Information:
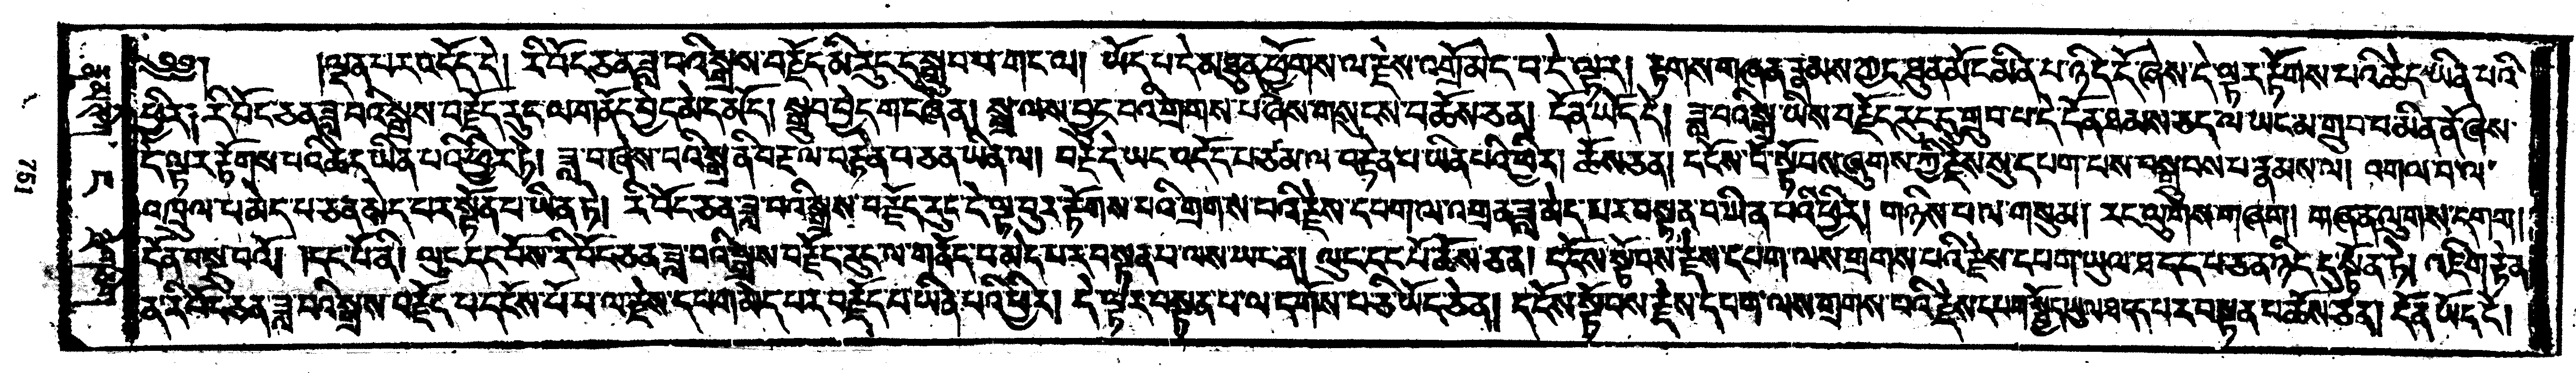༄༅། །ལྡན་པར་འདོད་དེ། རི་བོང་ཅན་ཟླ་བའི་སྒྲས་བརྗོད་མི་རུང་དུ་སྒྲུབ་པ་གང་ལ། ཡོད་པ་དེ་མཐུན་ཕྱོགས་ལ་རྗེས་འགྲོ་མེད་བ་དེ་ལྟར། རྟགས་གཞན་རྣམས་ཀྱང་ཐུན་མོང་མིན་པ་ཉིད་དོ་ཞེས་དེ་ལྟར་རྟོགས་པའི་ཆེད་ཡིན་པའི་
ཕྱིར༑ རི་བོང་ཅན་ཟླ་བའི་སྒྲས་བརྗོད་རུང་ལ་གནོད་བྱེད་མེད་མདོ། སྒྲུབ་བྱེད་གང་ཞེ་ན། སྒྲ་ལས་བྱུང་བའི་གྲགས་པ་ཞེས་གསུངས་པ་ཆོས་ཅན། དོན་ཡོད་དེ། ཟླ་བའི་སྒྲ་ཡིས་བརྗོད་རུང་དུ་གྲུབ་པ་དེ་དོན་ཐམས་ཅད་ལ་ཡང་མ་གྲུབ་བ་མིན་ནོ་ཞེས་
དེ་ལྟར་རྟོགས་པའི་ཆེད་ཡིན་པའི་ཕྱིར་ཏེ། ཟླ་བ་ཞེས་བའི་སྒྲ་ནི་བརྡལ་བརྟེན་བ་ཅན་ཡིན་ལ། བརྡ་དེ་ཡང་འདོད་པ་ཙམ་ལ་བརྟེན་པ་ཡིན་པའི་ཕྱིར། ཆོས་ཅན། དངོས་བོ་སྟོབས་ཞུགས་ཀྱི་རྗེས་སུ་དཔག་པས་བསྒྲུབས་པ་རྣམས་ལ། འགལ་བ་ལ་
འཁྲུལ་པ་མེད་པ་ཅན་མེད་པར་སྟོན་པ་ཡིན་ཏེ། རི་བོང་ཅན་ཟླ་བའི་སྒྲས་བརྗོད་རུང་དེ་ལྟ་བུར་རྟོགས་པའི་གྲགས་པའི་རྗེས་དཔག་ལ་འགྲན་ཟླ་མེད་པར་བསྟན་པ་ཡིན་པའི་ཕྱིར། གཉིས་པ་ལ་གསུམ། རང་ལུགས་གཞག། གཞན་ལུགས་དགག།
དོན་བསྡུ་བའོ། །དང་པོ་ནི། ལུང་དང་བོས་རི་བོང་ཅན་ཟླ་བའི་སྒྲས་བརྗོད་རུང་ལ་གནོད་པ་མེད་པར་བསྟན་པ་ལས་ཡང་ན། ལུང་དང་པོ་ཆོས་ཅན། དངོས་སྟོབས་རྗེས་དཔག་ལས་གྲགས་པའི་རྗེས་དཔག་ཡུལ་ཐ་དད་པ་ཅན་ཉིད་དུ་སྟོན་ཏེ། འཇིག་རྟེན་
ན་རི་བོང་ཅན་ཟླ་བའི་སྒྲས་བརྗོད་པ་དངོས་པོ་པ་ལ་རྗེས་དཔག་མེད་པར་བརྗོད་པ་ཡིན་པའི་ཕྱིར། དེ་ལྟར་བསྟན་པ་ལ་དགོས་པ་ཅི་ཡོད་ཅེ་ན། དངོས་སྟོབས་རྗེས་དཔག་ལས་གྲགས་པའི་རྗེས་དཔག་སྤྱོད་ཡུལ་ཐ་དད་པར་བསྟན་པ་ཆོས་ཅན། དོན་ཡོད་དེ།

Required work: Reproduce precisely the span of lines that begins at the line containing "གཉིས་པ་ལ་གསུམ། རང་ལུགས་གཞག། གཞན་ལུགས་དགག།" and ends with the last line of the listing.

Answer to the exercise:
འཁྲུལ་པ་མེད་པ་ཅན་མེད་པར་སྟོན་པ་ཡིན་ཏེ། རི་བོང་ཅན་ཟླ་བའི་སྒྲས་བརྗོད་རུང་དེ་ལྟ་བུར་རྟོགས་པའི་གྲགས་པའི་རྗེས་དཔག་ལ་འགྲན་ཟླ་མེད་པར་བསྟན་པ་ཡིན་པའི་ཕྱིར། གཉིས་པ་ལ་གསུམ། རང་ལུགས་གཞག། གཞན་ལུགས་དགག།
དོན་བསྡུ་བའོ། །དང་པོ་ནི། ལུང་དང་བོས་རི་བོང་ཅན་ཟླ་བའི་སྒྲས་བརྗོད་རུང་ལ་གནོད་པ་མེད་པར་བསྟན་པ་ལས་ཡང་ན། ལུང་དང་པོ་ཆོས་ཅན། དངོས་སྟོབས་རྗེས་དཔག་ལས་གྲགས་པའི་རྗེས་དཔག་ཡུལ་ཐ་དད་པ་ཅན་ཉིད་དུ་སྟོན་ཏེ། འཇིག་རྟེན་
ན་རི་བོང་ཅན་ཟླ་བའི་སྒྲས་བརྗོད་པ་དངོས་པོ་པ་ལ་རྗེས་དཔག་མེད་པར་བརྗོད་པ་ཡིན་པའི་ཕྱིར། དེ་ལྟར་བསྟན་པ་ལ་དགོས་པ་ཅི་ཡོད་ཅེ་ན། དངོས་སྟོབས་རྗེས་དཔག་ལས་གྲགས་པའི་རྗེས་དཔག་སྤྱོད་ཡུལ་ཐ་དད་པར་བསྟན་པ་ཆོས་ཅན། དོན་ཡོད་དེ།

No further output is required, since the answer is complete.